TERS TEPEN AHMAKLIKLAR
Avrupalılar, Yahudileri yok ederek hastalıktan kurtulacaklarını sanıyorlardı ancak Yahudi yerleşimlerinin ortadan kaldırılması, görece temiz kalmış tampon bölgelerinin yok edilmesi anlamına geliyordu ve aslında salgının daha hızlı yayılmasına yol açıyordu.
Aynı dönemde buna benzer bir başka “ahmaklık” da kedilerle ilgilidir. Avrupa’daki yaygın inanca göre kediler uğursuz hayvanlardı, ölüm ve hastalığa sebep oluyorlardı. Salgının ilk zamanlarında kedilere yönelik adeta bir sürek avı başlatıldı, Avrupa şehirleri kedilerden arındırıldı. Oysa kediler, sıçan popülasyonunu dengede tutan bir unsurdu. Onlar ortadan kalkınca, vebanın asıl taşıyıcısı olan fareler her yeri sardı.
ÇAĞDAŞ SAÇMALIKLAR
Bu anlattıklarım Orta Çağda yaşandı. Bugün artık hastalıkların sebeplerini ve korunma yollarını çok iyi biliyoruz. Ama buna rağmen insan zihni hurafe üretmekten vazgeçmiyor. Korona virüsün kaynaklarına ve yayılma yollarına dair onlarca bilim dışı görüş ve boş inanç ortalıkta dolaşıyor. Halk sağlığına dair en önemli noktalar, siyasi maksatlı mesajlar yüzünden arada kaynayıp gidiyor.

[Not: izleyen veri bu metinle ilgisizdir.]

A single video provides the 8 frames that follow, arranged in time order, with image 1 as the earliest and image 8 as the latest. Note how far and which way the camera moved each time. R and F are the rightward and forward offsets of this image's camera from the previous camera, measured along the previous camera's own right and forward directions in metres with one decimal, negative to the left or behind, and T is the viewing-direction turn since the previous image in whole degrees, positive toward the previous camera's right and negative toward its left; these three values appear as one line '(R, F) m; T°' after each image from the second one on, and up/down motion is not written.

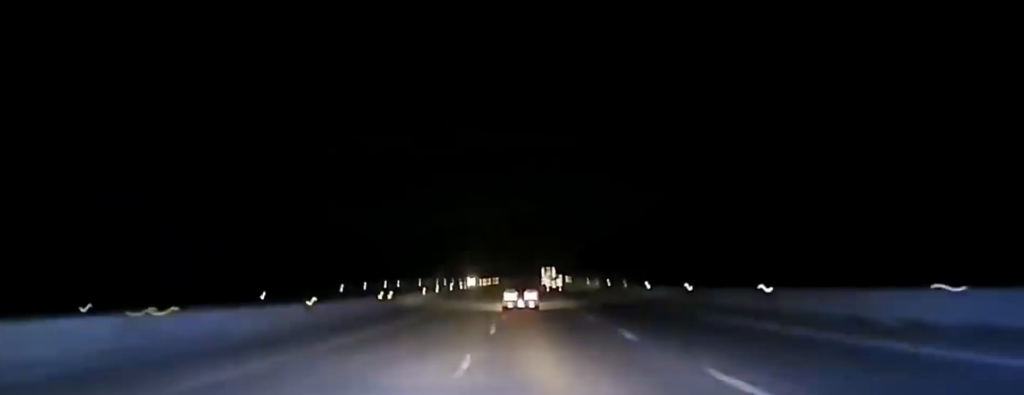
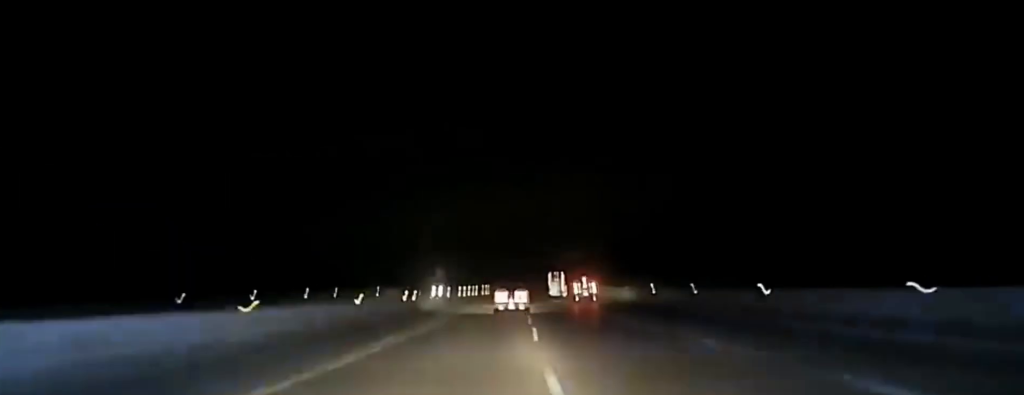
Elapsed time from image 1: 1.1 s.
(-0.2, +62.0) m; 0°
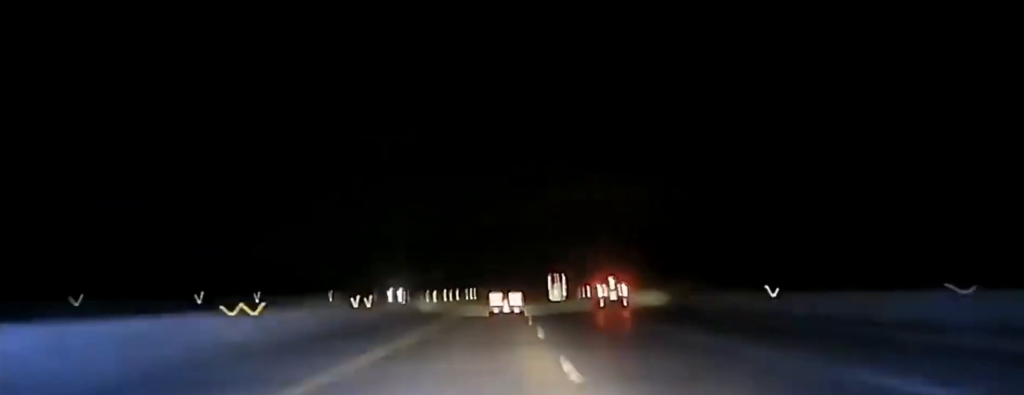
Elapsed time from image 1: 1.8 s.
(+0.3, +37.1) m; +1°
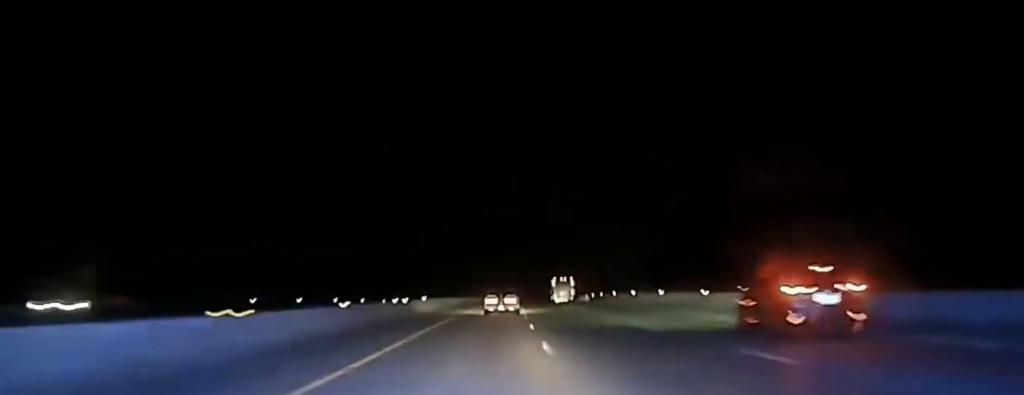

FETÖ’ye bağlı sosyal medya hesapları “çevrenizdeki vakaları bize bildirin halka duyuralım” diye çağrı yapıyor. Kötü niyetli kimselerin böylesi sabotajlarla insanlara verebileceği zararı düşünebiliyor musunuz? Ama “muhalif” cenahta herhangi bir tepki görülmüyor, aksine insanlar dedikoduların peşi sıra sürükleniyor. FETÖ’nün diğer manipülasyonları gibi bu saçmalıklara da en çok profilinde Atatürk resmi olan insanlar alet oluyor.
Çünkü muhalefetin “kanaat önderi” dediği adamlar konunun ciddiyetinden alabildiğince uzak, boş beleş konuşmaya, insanları yanlış yönlendirmeye devam ediyor. Hükümet ilk vakayı açıklamış çünkü IMF’den yardım alacakmış, vakanın açıklanması özellikle Babacan’ın parti kurduğu güne denk getirilmiş, hangi şehirde olduğunu yazarsak bizi de MİT yasası ile içeri alırlar mıymış… Bir adım daha gitseler, tıpkı Orta Çağ Hristiyanları gibi virüsün sebebi olarak kendileri gibi düşünmeyenleri gösterecekler!
Toplum için virüsten daha tehlikeli bir şey varsa eğer, virüsü bile siyasi bir olgu haline getirmeyi başaran bu izan ve vicdan yoksunlarıdır. İnsanların doğru bilgilendirilmeye ve morale ihtiyaç duyduğu, sağlık çalışanlarının destek bekledi
ği bir dönemde böylesi bir ağızla konuşmak bozgunculuktan başka bir şey olamaz.